+++ MATERIAL TO PROCESS +++

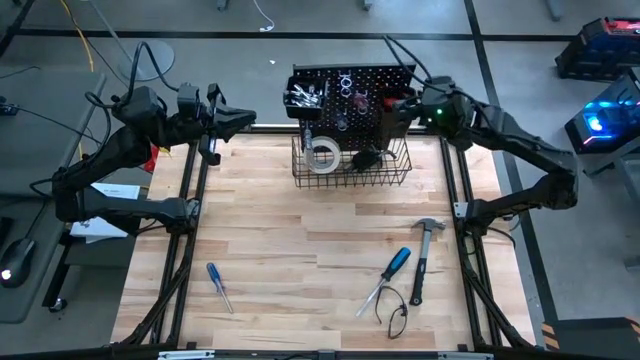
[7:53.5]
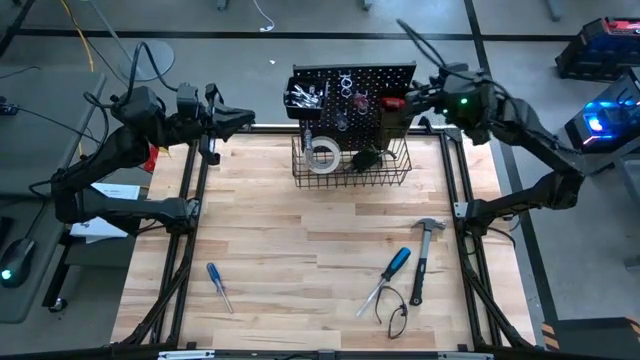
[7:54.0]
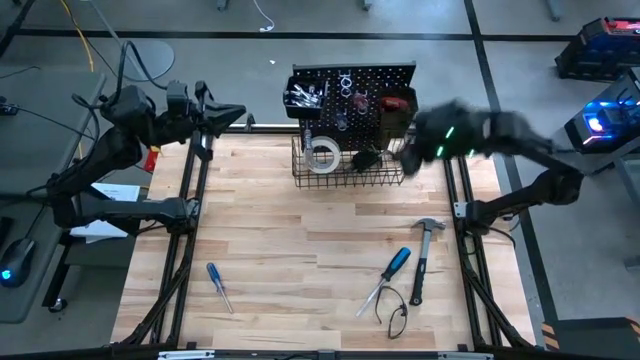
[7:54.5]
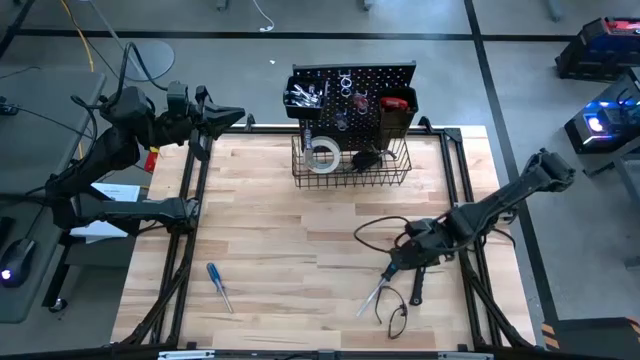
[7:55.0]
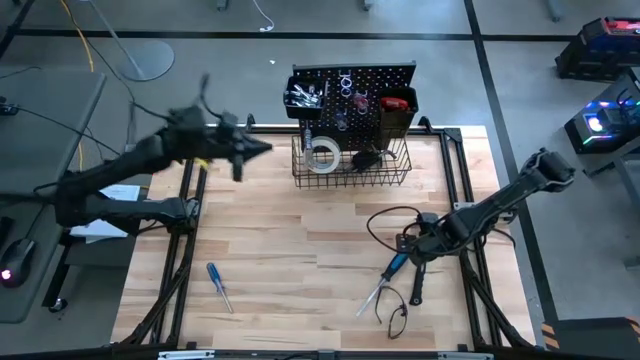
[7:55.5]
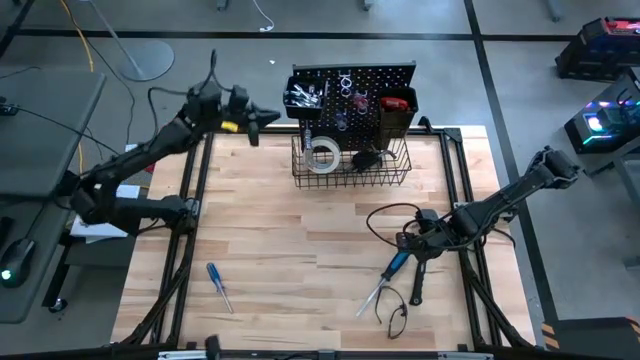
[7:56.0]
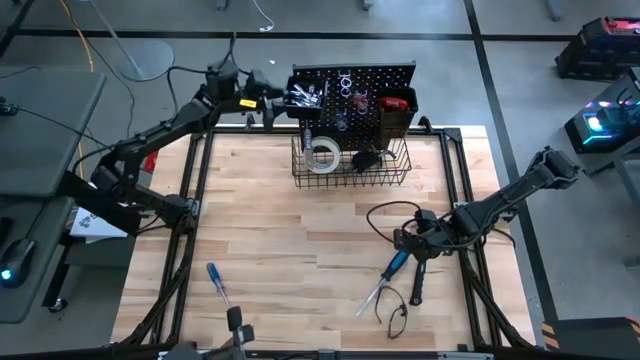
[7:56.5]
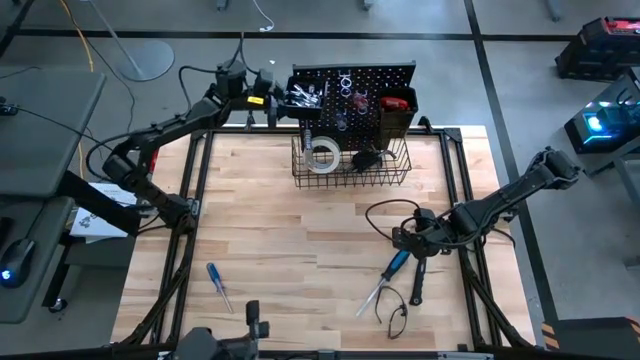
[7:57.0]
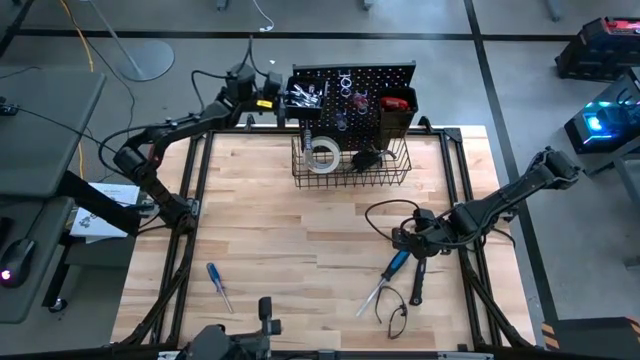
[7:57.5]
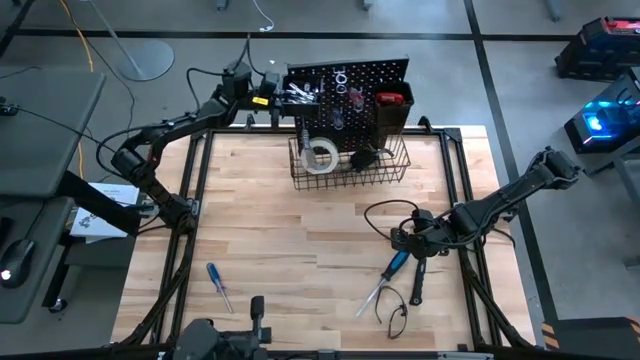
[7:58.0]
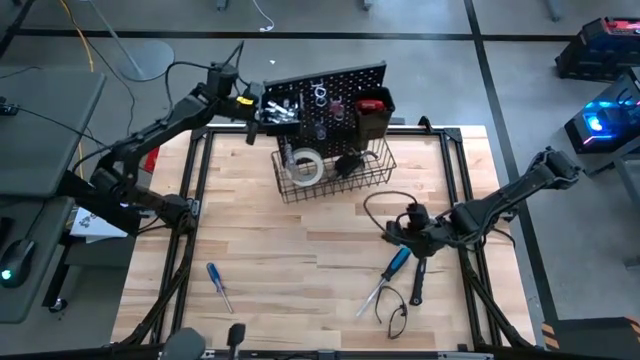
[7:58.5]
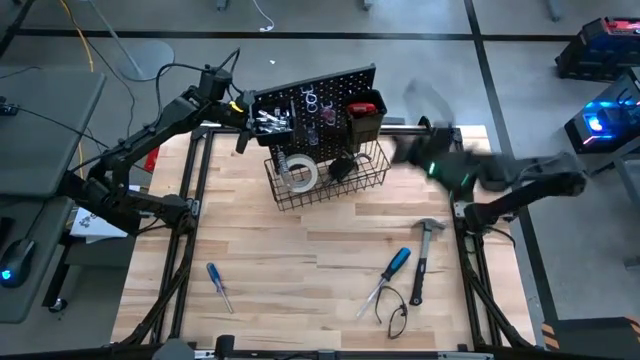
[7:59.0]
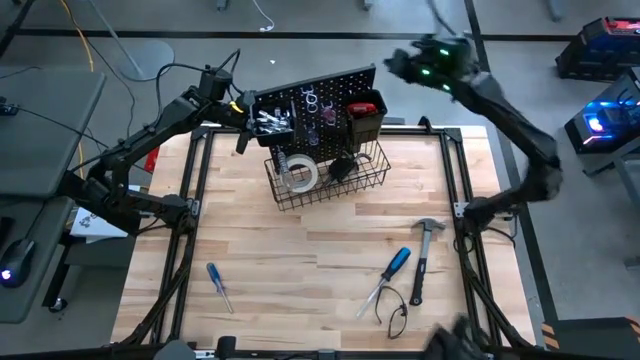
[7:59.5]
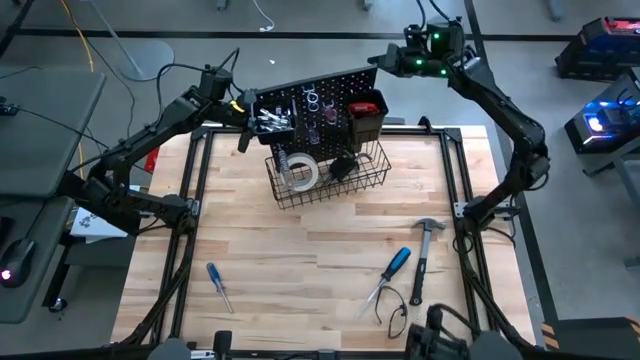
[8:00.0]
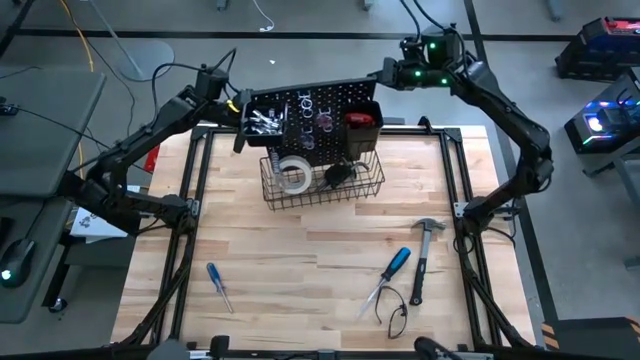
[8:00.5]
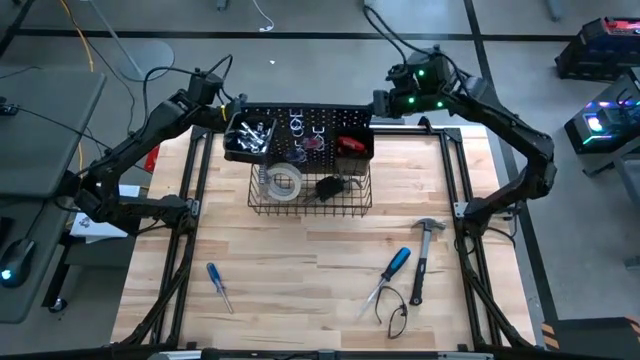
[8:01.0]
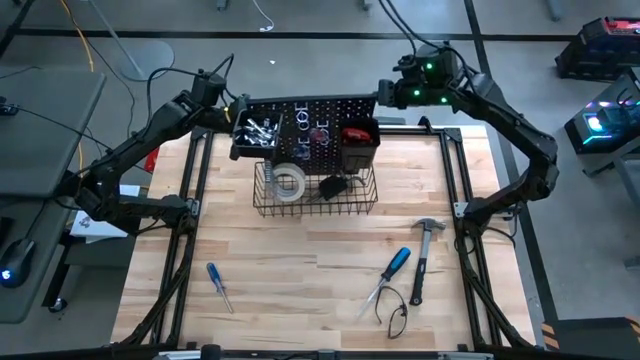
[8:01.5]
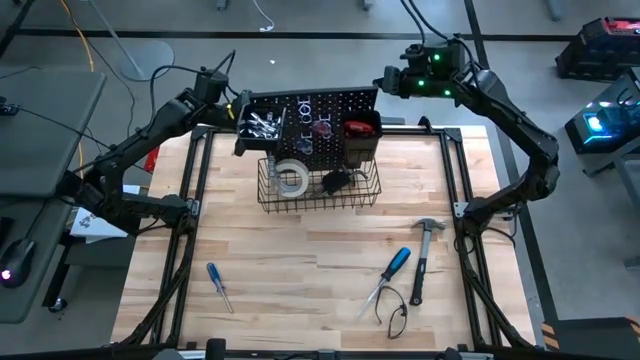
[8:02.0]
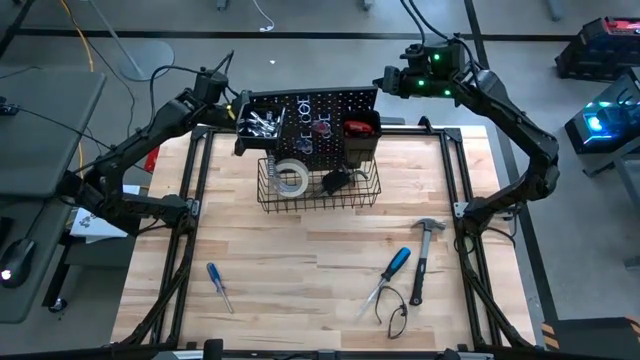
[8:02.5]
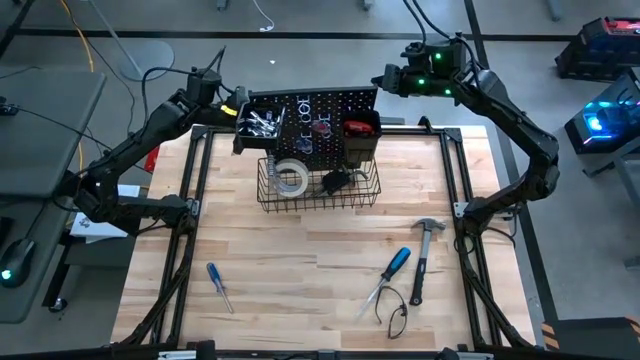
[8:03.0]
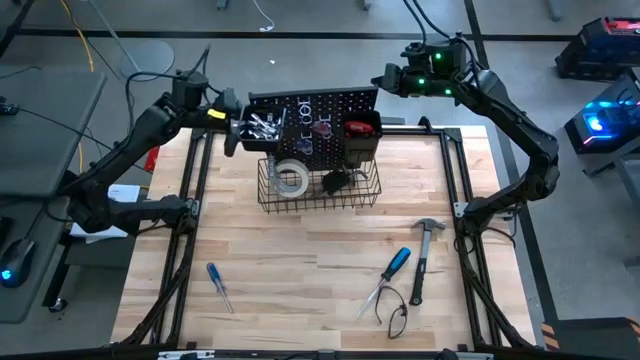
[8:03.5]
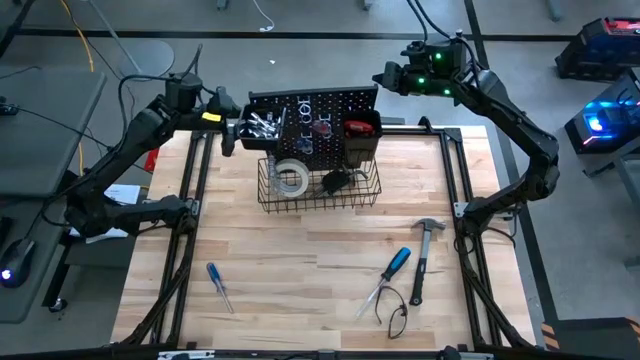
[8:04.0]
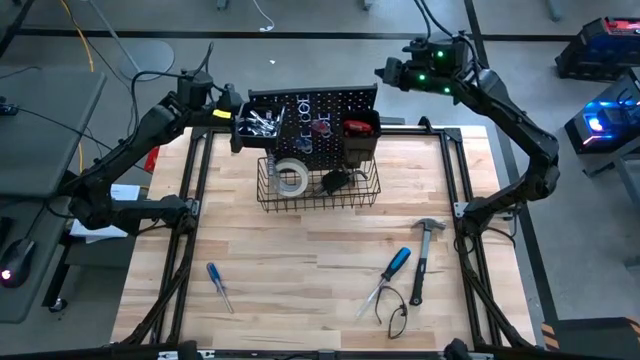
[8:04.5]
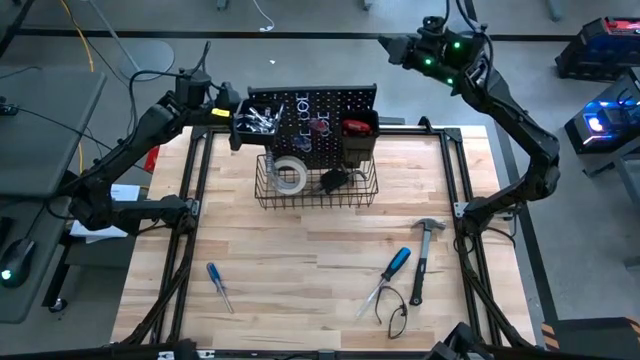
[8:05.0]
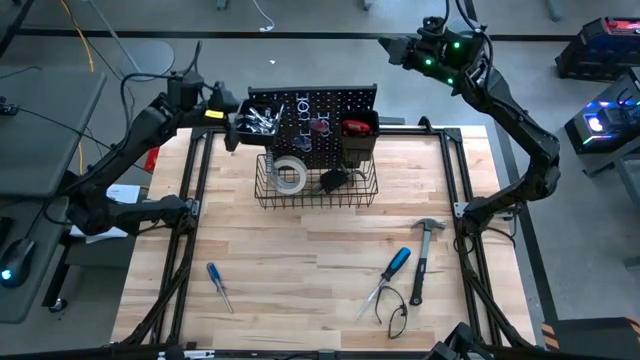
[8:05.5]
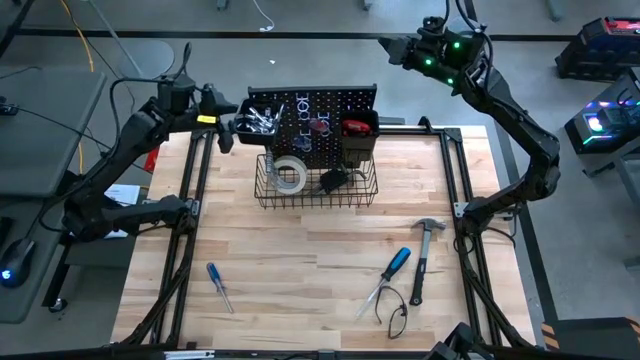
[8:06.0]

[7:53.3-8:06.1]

+++

WORK TO COMPLETE -
Write every line above out again exactly; pictures do not belong in the copy.

WRITTEN SOLUTION -
[7:53.5]
[7:54.0]
[7:54.5]
[7:55.0]
[7:55.5]
[7:56.0]
[7:56.5]
[7:57.0]
[7:57.5]
[7:58.0]
[7:58.5]
[7:59.0]
[7:59.5]
[8:00.0]
[8:00.5]
[8:01.0]
[8:01.5]
[8:02.0]
[8:02.5]
[8:03.0]
[8:03.5]
[8:04.0]
[8:04.5]
[8:05.0]
[8:05.5]
[8:06.0]

[7:53.3-8:06.1]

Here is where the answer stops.